Carlos Cadena Gaitan (born June 6, 1983, Medellín) is a Colombian sustainability expert, professor, research and urban activist. Cadena Gaitan holds a Ph.D. from the University of Maastricht in the Netherlands, and is an affiliated researcher with the United Nations University (UNU-MERIT). He has served as Transport Commissioner of Medellín, Colombia and is a full-member of the State of Antioquia Scientific Committee for the Climate Crisis.

Cadena Gaitán served as the general coordinator for the 4th World Bike Forum, held in Medellín, Colombia, from February 26 to March 1, 2015. With over 7000 participants, this forum broke attendance records, becoming the world's largest urban cycling conference.

In June 2016 Carlos Cadena Gaitán was nominated as one of seven outstanding emerging leaders from across the globe were shortlisted for the Inspired Leadership Award 2016

In 2015, he was recognized by Semana magazine as one of the leading urban activists in Colombia.
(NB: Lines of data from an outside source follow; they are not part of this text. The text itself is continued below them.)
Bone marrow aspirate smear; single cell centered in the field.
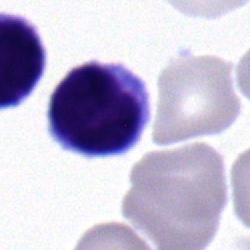 Impression → lymphocyte.
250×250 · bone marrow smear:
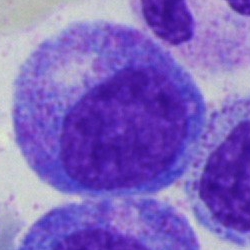Q: What is shown here?
A: It is a promyelocyte.
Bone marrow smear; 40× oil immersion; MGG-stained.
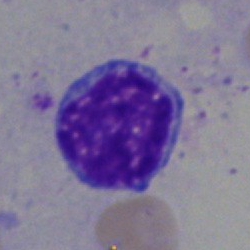
Morphology — lymphocyte.
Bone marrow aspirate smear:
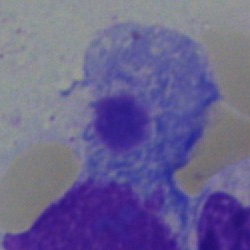

This is an artifact.
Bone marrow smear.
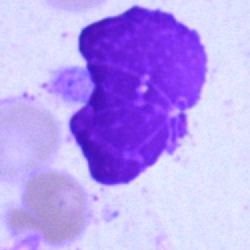
Morphological class: artefact.
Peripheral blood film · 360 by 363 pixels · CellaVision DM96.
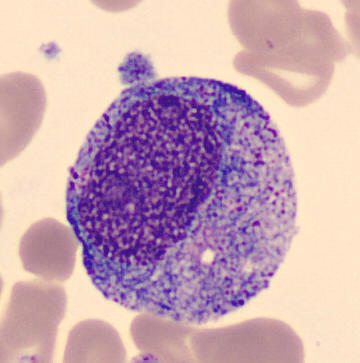The classification is progranulocyte.
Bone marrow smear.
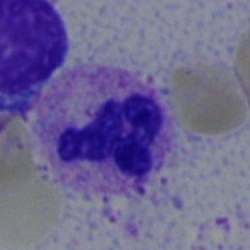 Morphology — neutrophil (segmented).
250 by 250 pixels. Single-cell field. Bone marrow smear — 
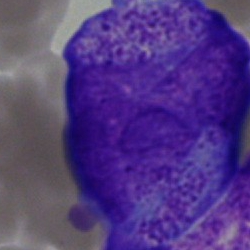
Specimen: bone marrow aspirate smear.
Classification: undifferentiated blast.
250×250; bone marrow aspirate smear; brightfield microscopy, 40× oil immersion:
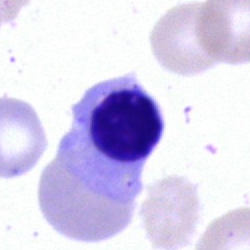 Q: Identify the cell.
A: An erythroblast.
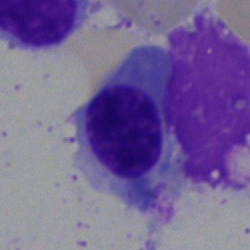Morphology → erythroblast.
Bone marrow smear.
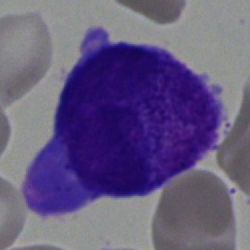

This is an undifferentiated blast.
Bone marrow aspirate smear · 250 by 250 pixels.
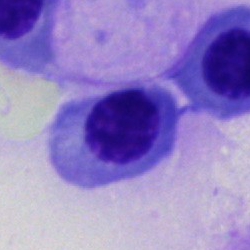 The cell is erythroblast.
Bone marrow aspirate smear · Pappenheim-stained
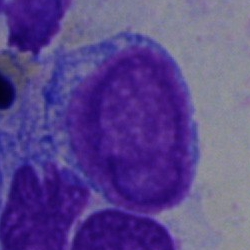
Blast cell.
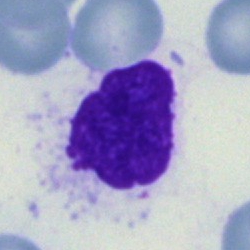The morphological class is artifact.
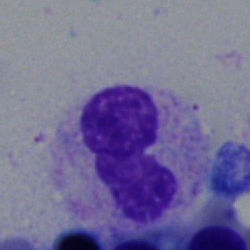The classification is polymorphonuclear neutrophil.
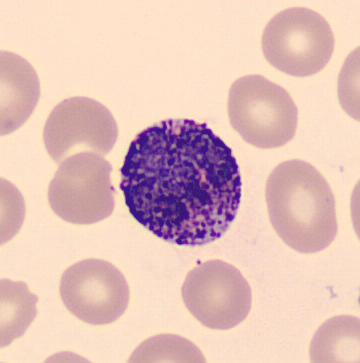
Impression — basophil. Peripheral blood film.
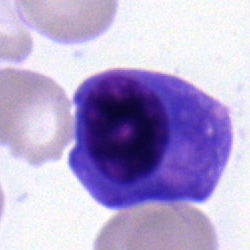Bone marrow smear showing a plasma cell.
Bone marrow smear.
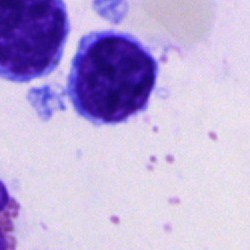 Lymphocyte.
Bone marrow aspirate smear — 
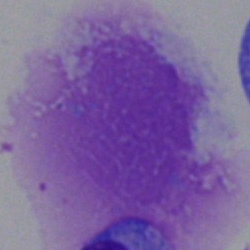
Showing an artefact.
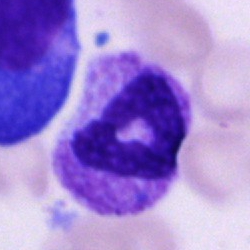{"cell_type": "neutrophil (segmented)"}
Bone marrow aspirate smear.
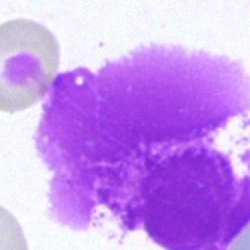

Specimen: bone marrow smear.
Cell: artifact.
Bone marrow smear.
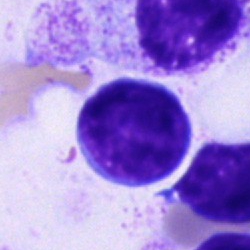
A lymphocyte.
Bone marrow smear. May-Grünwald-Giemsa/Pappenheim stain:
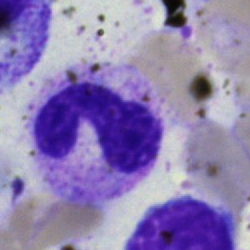The cell type is neutrophil (band).
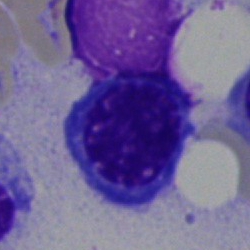

Cell = normoblast.
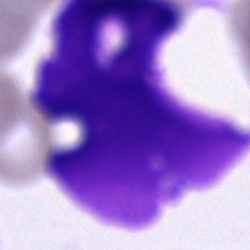

The cell type is artifact.
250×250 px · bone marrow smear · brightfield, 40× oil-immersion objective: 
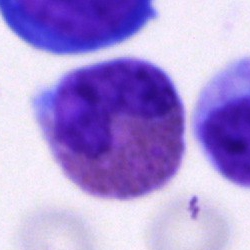 The cell shown is an eosinophilic granulocyte.
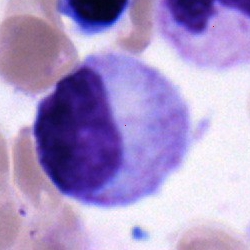 A myelocyte on a bone marrow smear.
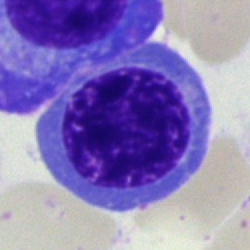Single cell identified as a normoblast.
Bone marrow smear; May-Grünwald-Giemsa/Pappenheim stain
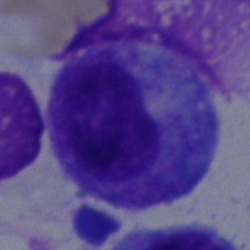The cell shown is a promyelocyte.
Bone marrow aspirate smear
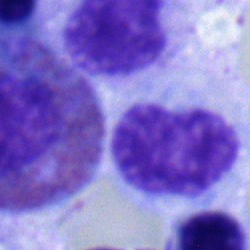 Morphology consistent with a metamyelocyte.
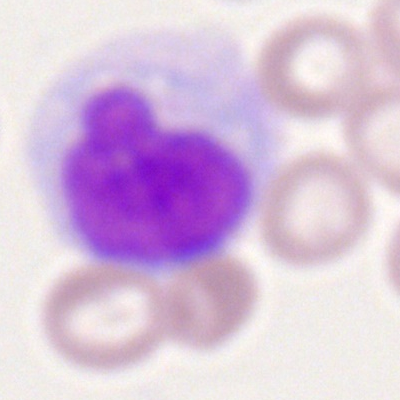

A monocyte on a peripheral blood smear.
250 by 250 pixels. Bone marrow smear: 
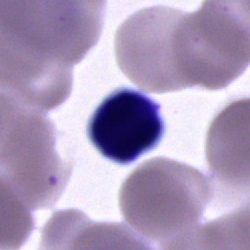

Cell type = cell of indeterminate lineage.
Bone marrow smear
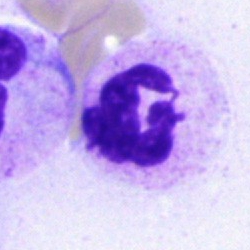

Showing a neutrophil (segmented).
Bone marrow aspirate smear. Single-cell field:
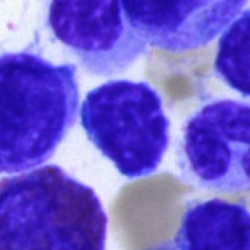 Q: What is shown here?
A: Lymphocyte.
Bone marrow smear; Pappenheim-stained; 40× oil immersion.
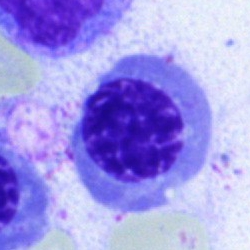

Morphology consistent with a nucleated red blood cell.
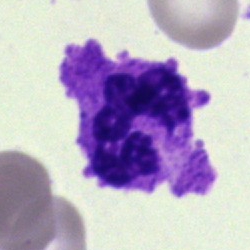 Specimen: bone marrow smear.
Cell: neutrophil (segmented).
Lineage: myeloid.
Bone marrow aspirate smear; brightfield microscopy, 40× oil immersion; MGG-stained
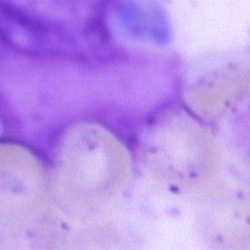 Showing an artefact.
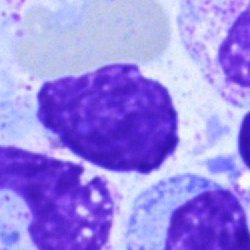Bone marrow smear showing an artifact.
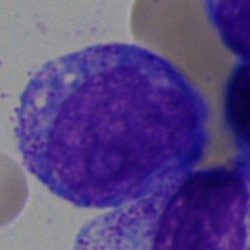
{"cell_type": "promyelocyte"}
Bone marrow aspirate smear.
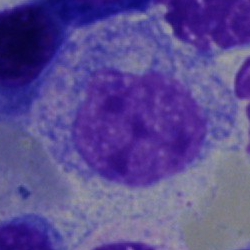 Q: What type of cell is this?
A: This is a progranulocyte.
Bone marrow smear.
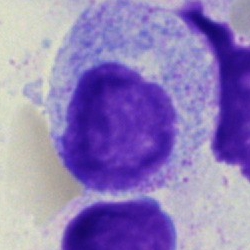

Morphology → myelocyte.
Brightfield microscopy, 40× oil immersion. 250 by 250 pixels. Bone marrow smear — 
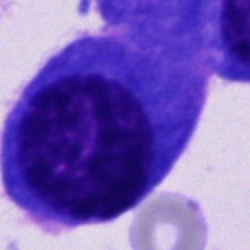Q: What is the morphological classification of this cell?
A: Other cell type.
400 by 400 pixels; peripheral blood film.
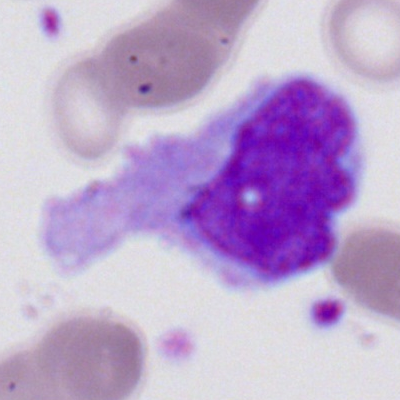 Q: What cell is this?
A: This is a monocyte.
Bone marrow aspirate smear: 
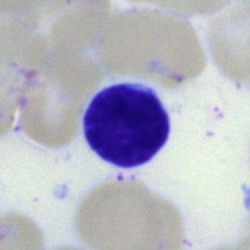

Q: Which cell type is shown here?
A: Lymphocyte.
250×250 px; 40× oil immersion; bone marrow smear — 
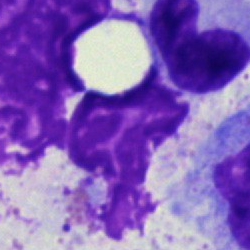

This is an artifact.
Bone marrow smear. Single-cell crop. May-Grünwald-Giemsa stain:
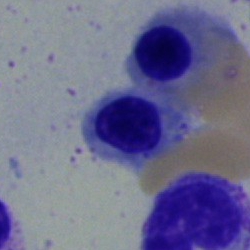

Showing a nucleated red cell.
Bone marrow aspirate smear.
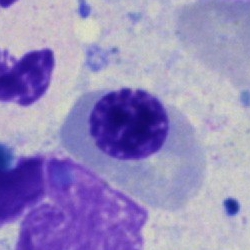 Cell — nucleated red cell.
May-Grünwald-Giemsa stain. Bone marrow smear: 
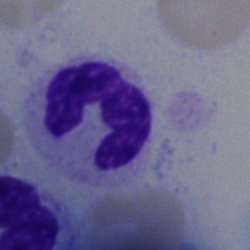 A neutrophil (segmented).
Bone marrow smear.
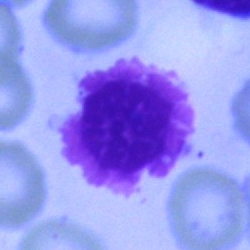An artifact.
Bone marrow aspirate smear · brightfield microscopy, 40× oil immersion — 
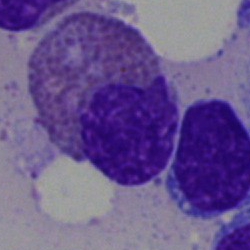 Classification — eosinophilic granulocyte.
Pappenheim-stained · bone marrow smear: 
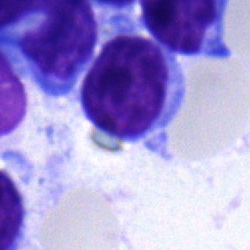
{"cell_type": "lymphocyte", "lineage": "lymphoid"}
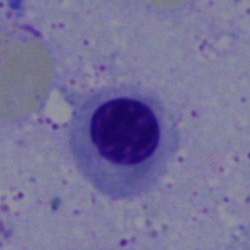

Bone marrow smear showing a nucleated red blood cell.
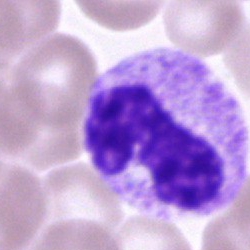

The cell shown is a band neutrophil.
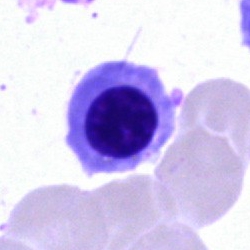Showing a nucleated red blood cell.
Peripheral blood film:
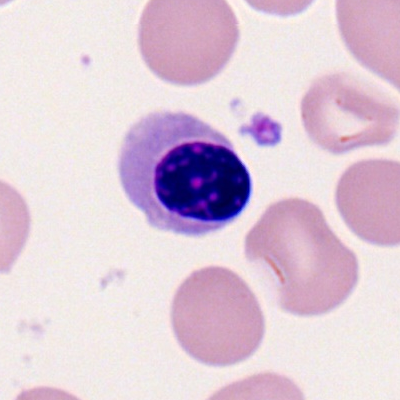 Q: What cell is this?
A: It is a normoblast.
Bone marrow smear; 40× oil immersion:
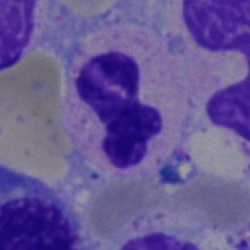

The cell shown is a neutrophil (segmented).
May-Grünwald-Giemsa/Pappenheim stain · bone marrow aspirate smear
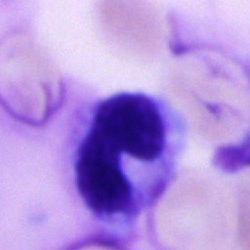 Morphology consistent with a band neutrophil.
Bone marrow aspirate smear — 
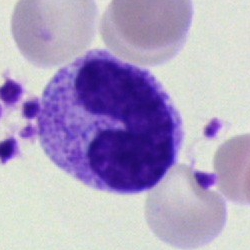Cell: band neutrophil.
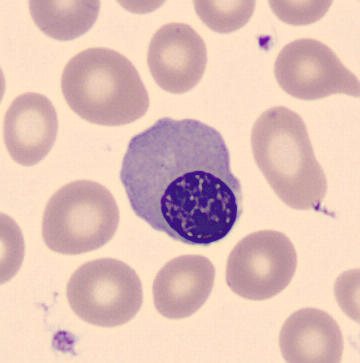
Preparation: Image size 360×363. Automated cell imaging (CellaVision DM96). Peripheral blood film. Classification: nucleated red cell.
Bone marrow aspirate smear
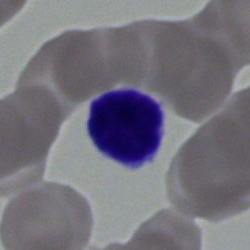 Specimen: bone marrow smear.
Classification: typical lymphocyte.
Lineage: lymphoid.
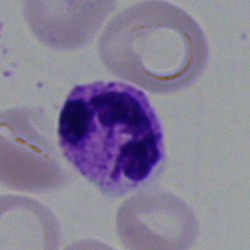
Q: Which cell type is shown here?
A: Polymorphonuclear neutrophil.
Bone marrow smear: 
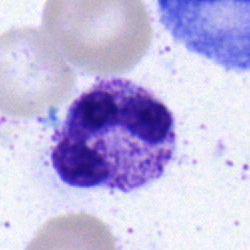Morphological class — polymorphonuclear neutrophil.
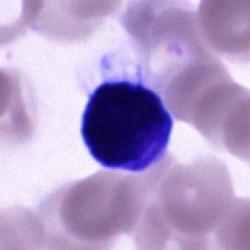 Showing a cell of indeterminate lineage.
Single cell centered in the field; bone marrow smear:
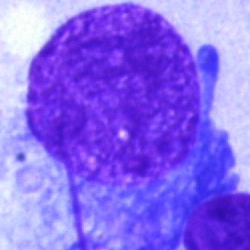
The classification is artifact.
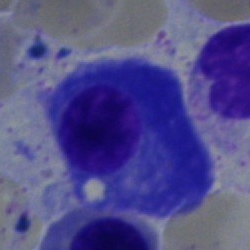Morphology consistent with a plasmacyte.
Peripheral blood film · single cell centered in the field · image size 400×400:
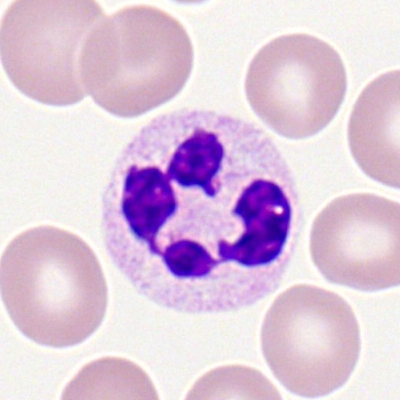The morphological class is polymorphonuclear neutrophil.
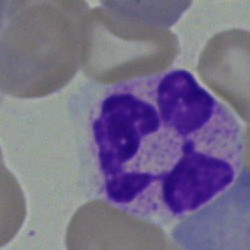

{"cell_type": "neutrophil (segmented)", "lineage": "myeloid"}
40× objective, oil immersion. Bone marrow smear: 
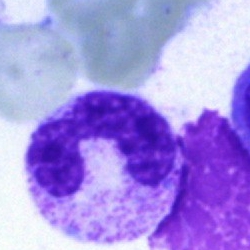 This is a stab cell.
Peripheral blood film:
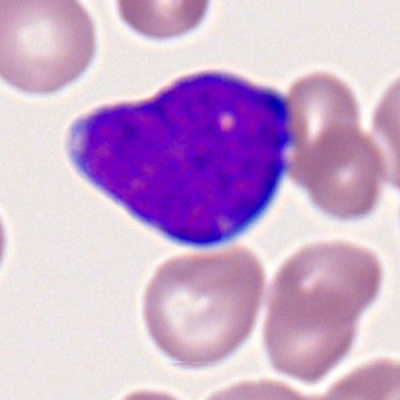Specimen: peripheral blood film.
Cell: myeloid blast.
Lineage: myeloid.
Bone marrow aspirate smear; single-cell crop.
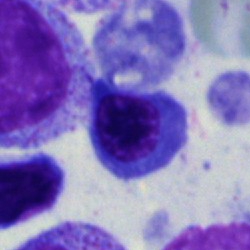

Cell type — nucleated red cell.
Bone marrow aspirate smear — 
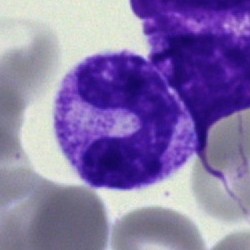
Q: What type of cell is this?
A: A band-form neutrophil.
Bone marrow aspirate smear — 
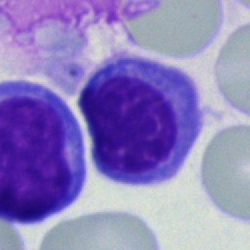

Q: What type of cell is this?
A: Nucleated red cell.
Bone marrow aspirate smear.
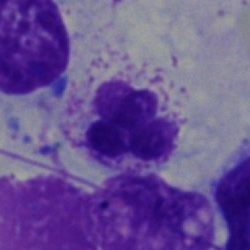Q: What is the morphological classification of this cell?
A: It is a polymorphonuclear neutrophil.
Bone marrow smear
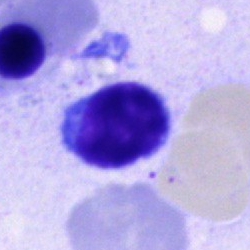

Morphology — lymphocyte.
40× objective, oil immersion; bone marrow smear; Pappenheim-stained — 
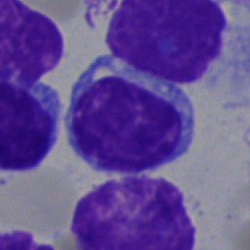Cell = typical lymphocyte.
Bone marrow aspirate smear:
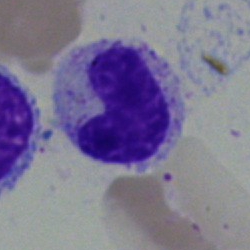
Single cell identified as a neutrophil (band).
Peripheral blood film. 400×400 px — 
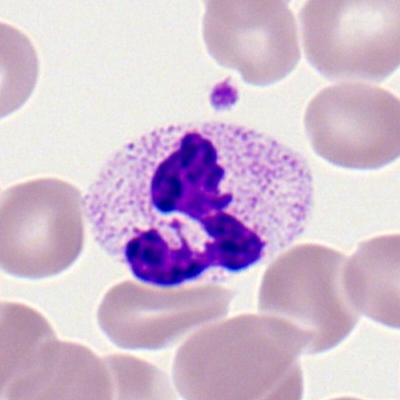
Cell type: neutrophil (segmented).
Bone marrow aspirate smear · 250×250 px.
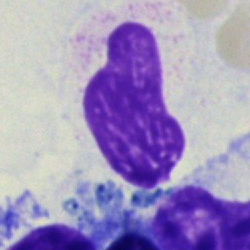Classification: artifact.
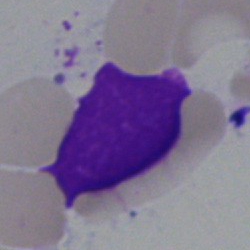

The cell shown is an artifact.
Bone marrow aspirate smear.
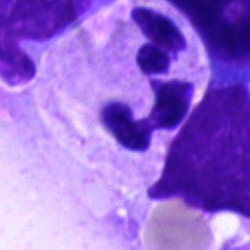 A polymorphonuclear neutrophil.
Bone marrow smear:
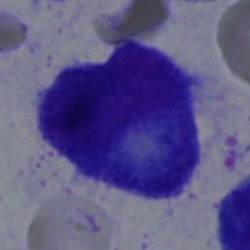
Showing a progranulocyte.
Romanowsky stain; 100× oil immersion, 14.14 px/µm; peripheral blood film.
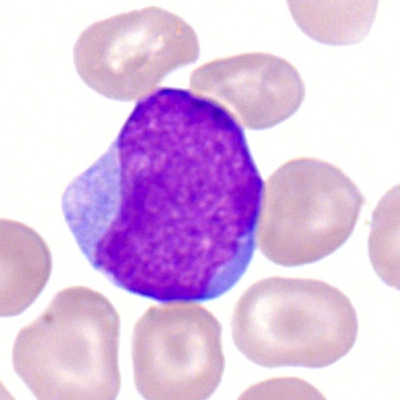
This is a myeloblast.
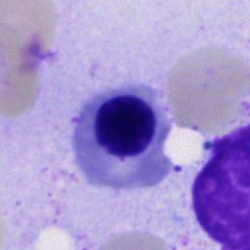

Classification: nucleated red cell.
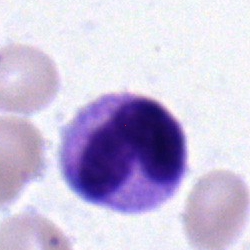 Bone marrow smear showing a stab cell.
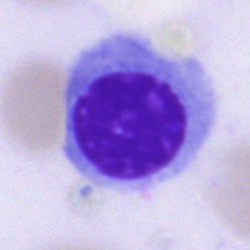Q: Which cell type is shown here?
A: This is a nucleated red cell.
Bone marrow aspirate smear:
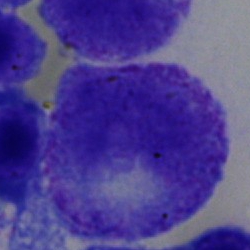 Single cell identified as a promyelocyte.
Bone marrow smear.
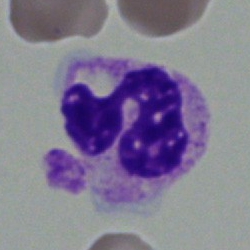

Q: What is the morphological classification of this cell?
A: It is a segmented neutrophil.
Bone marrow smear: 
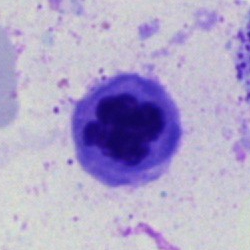

{"cell_type": "normoblast", "lineage": "erythroid"}
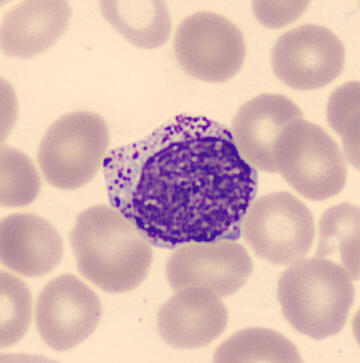

Single-cell field; peripheral blood smear.
{"cell_type": "myelocyte", "lineage": "myeloid"}
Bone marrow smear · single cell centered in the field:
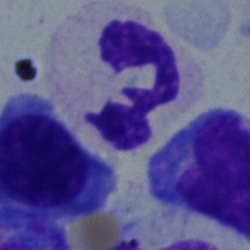 {"cell_type": "segmented neutrophil"}
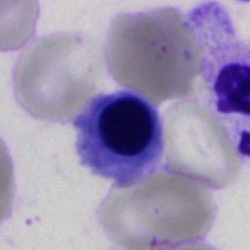Specimen: bone marrow aspirate smear.
Cell type: normoblast.
Lineage: erythroid.
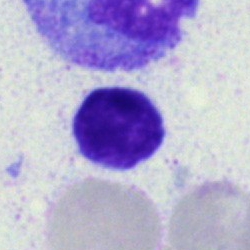

Q: What is the morphological classification of this cell?
A: This is a typical lymphocyte.
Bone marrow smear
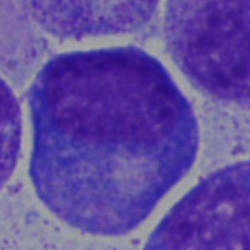 Impression → promyelocyte.
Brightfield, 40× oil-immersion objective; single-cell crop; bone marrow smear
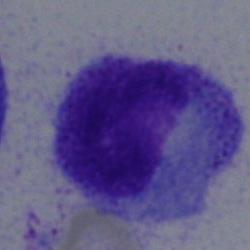Morphological class: progranulocyte.
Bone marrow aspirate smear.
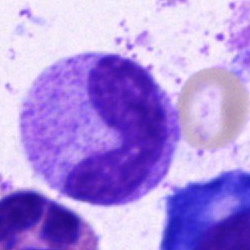Band-form neutrophil.
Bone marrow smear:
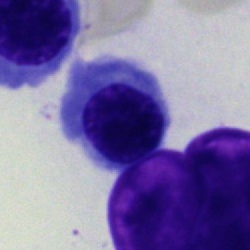
Morphological class: erythroblast.
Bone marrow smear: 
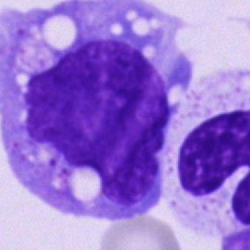

{"cell_type": "monocyte", "lineage": "myeloid"}
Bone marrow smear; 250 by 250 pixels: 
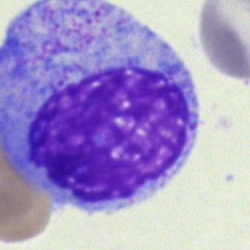Promyelocyte.

He currently serves as academic coordinator at URBAM, the Centre for Urban and Environmental Studies at EAFIT University.

On April 15, 2015, Carlos Cadena Gaitán was chosen along with Australian Parrys Raines, as Future Sustainability Leader in the 2015 version of the award granted by the Danish Think Tank, Sustainia. This prize, awarded for the first time to a Colombian, is among other things, a recognition to his work with the Colombian environmental organization, La Ciudad Verde.